◆ WORK REQUEST:
Make an exact copy of the lines from the one containing "(00:01:08.200)" through the end of the records below, and leave out every picture.

:: SUPPLIED RECORDS ::

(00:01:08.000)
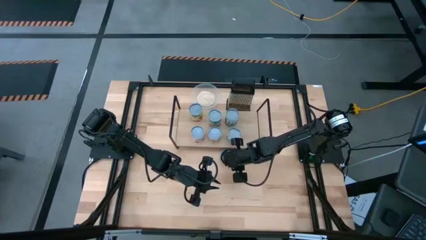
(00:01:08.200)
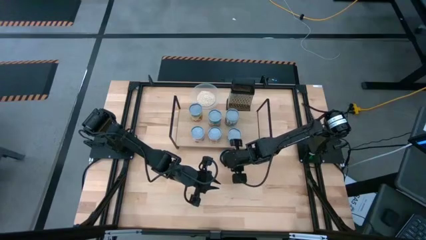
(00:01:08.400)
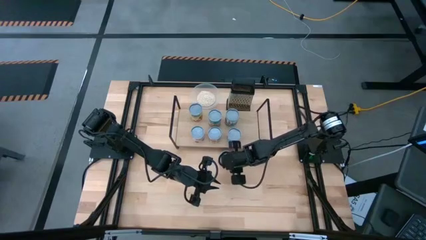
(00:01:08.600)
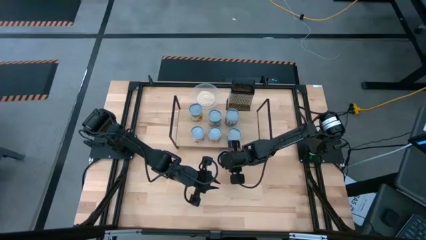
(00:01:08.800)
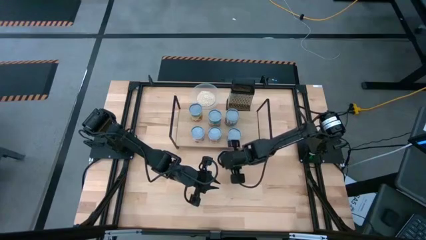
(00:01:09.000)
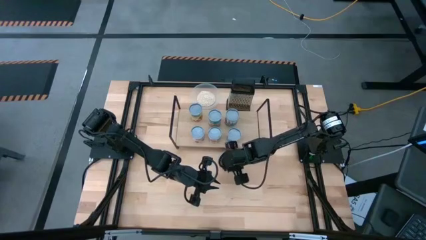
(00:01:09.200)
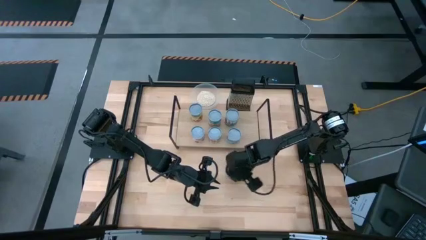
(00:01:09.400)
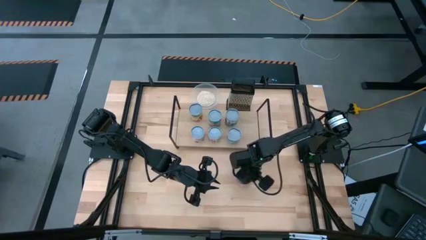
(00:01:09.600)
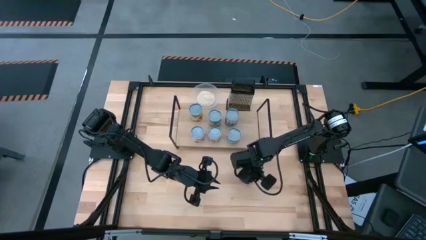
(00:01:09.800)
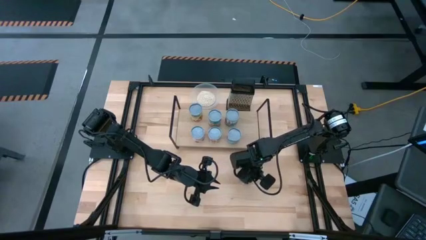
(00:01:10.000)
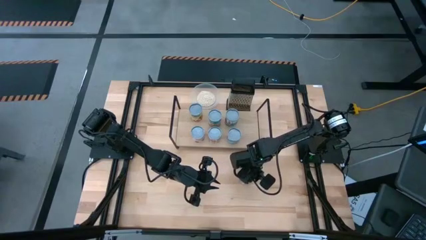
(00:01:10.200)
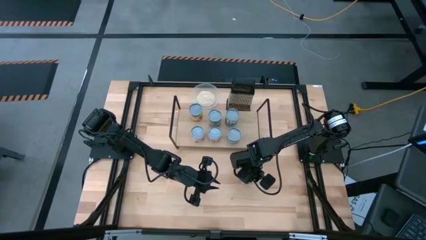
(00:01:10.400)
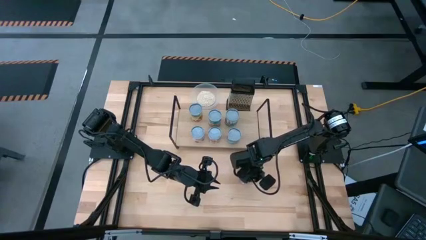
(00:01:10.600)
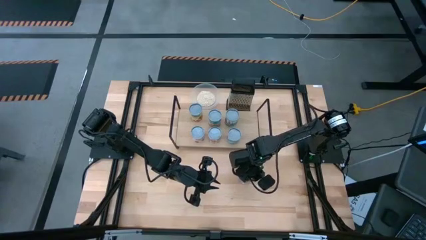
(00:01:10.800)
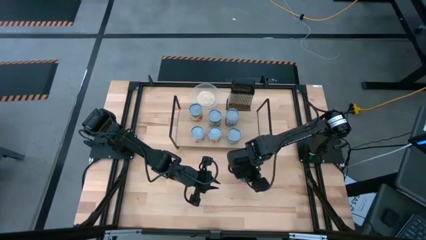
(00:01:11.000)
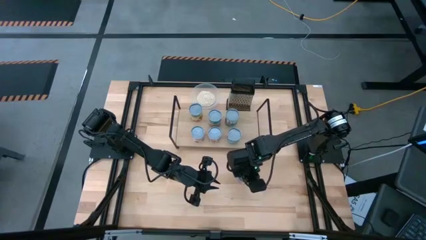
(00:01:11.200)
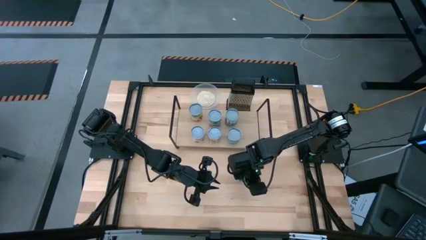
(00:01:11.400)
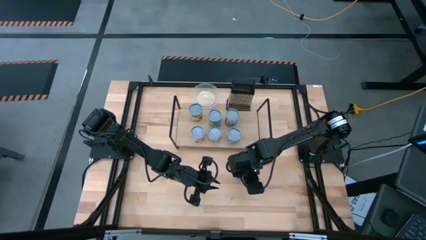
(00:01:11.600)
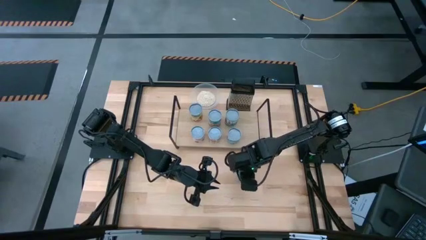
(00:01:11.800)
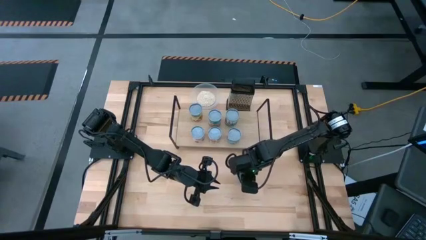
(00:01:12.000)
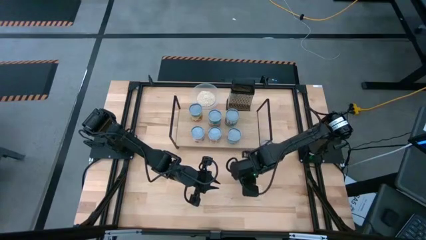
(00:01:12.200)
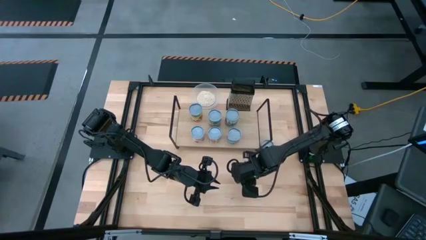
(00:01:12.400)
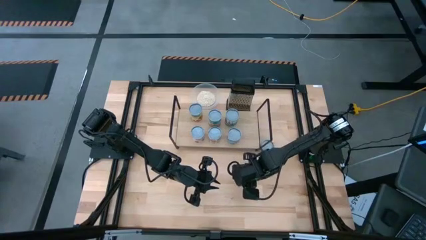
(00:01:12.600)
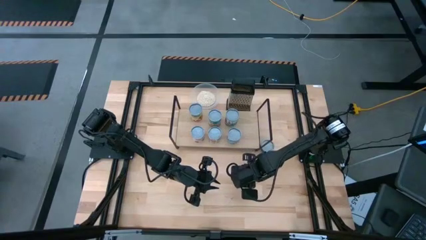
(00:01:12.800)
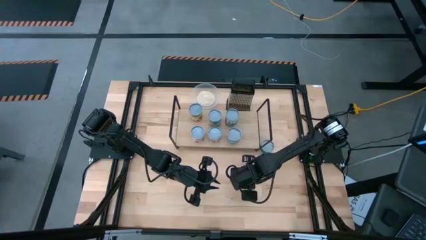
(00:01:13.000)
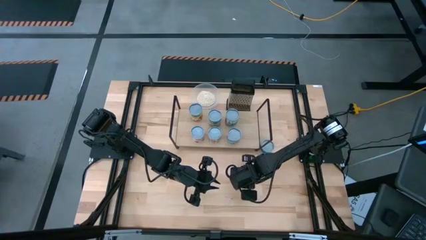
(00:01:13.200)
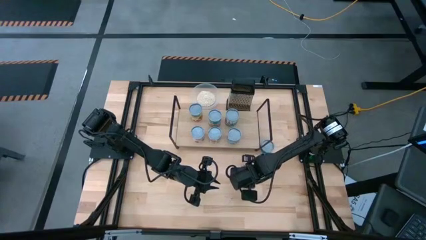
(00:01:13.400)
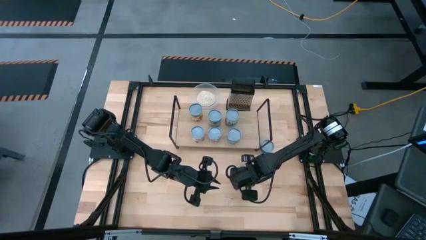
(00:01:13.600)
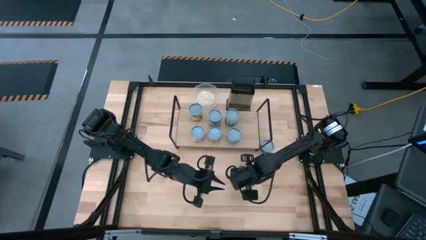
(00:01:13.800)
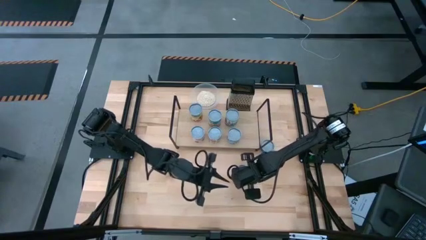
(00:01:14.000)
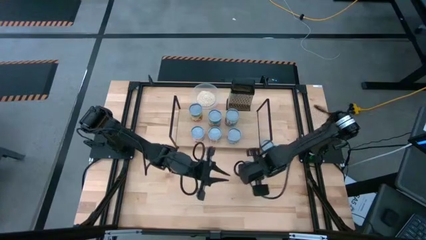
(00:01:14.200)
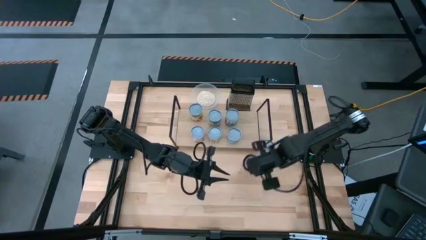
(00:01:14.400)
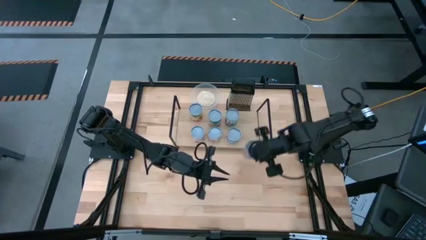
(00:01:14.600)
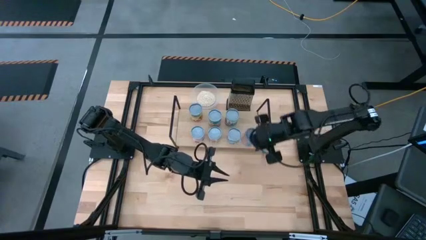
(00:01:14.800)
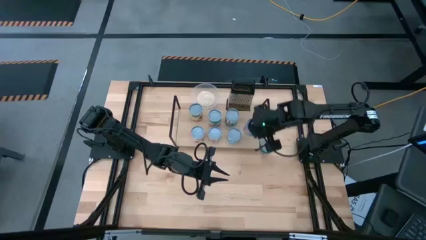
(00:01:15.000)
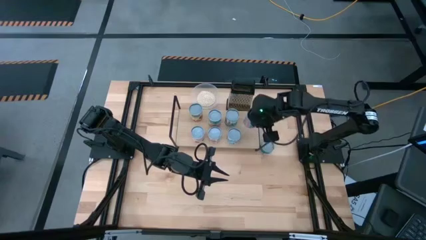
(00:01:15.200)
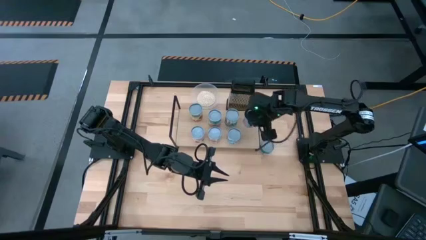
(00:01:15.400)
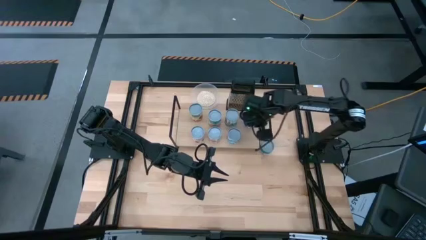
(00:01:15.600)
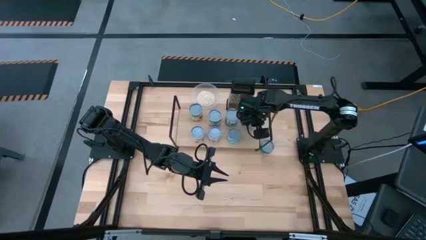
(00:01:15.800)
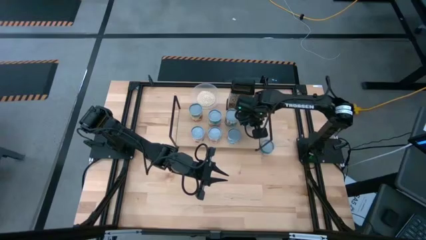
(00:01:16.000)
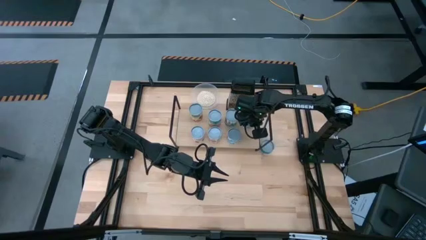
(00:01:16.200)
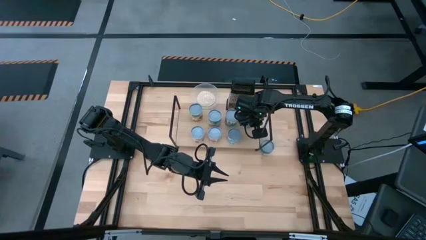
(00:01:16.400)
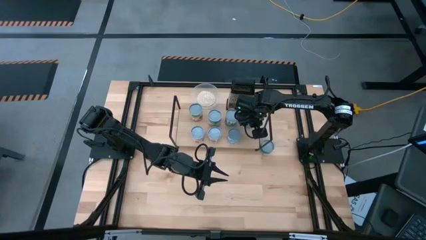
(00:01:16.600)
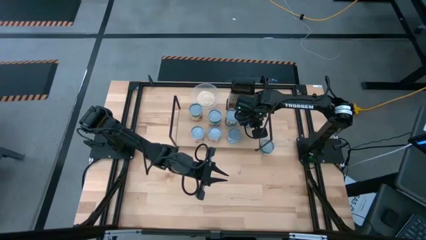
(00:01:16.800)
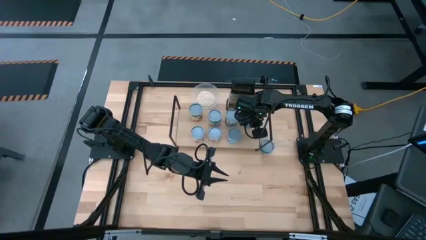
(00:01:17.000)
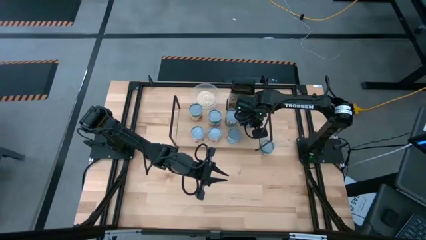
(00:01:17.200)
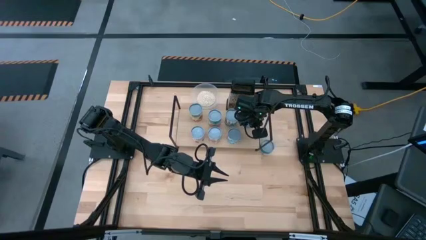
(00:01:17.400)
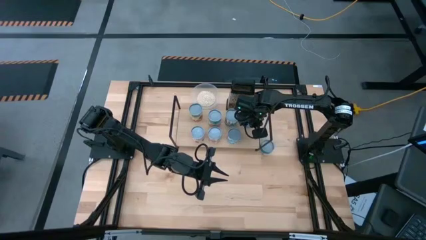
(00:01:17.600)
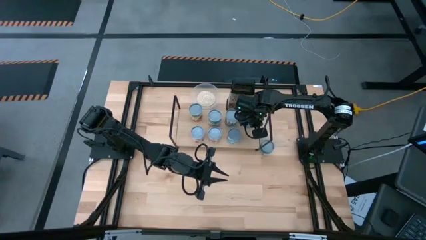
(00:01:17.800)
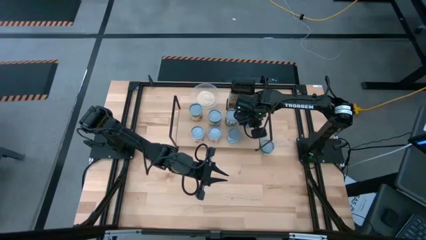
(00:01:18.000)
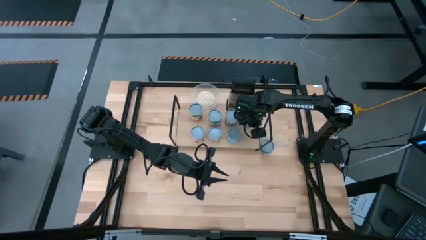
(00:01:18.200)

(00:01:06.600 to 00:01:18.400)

:::

◆ ANSWER TO THE EXERCISE:
(00:01:08.200)
(00:01:08.400)
(00:01:08.600)
(00:01:08.800)
(00:01:09.000)
(00:01:09.200)
(00:01:09.400)
(00:01:09.600)
(00:01:09.800)
(00:01:10.000)
(00:01:10.200)
(00:01:10.400)
(00:01:10.600)
(00:01:10.800)
(00:01:11.000)
(00:01:11.200)
(00:01:11.400)
(00:01:11.600)
(00:01:11.800)
(00:01:12.000)
(00:01:12.200)
(00:01:12.400)
(00:01:12.600)
(00:01:12.800)
(00:01:13.000)
(00:01:13.200)
(00:01:13.400)
(00:01:13.600)
(00:01:13.800)
(00:01:14.000)
(00:01:14.200)
(00:01:14.400)
(00:01:14.600)
(00:01:14.800)
(00:01:15.000)
(00:01:15.200)
(00:01:15.400)
(00:01:15.600)
(00:01:15.800)
(00:01:16.000)
(00:01:16.200)
(00:01:16.400)
(00:01:16.600)
(00:01:16.800)
(00:01:17.000)
(00:01:17.200)
(00:01:17.400)
(00:01:17.600)
(00:01:17.800)
(00:01:18.000)
(00:01:18.200)

(00:01:06.600 to 00:01:18.400)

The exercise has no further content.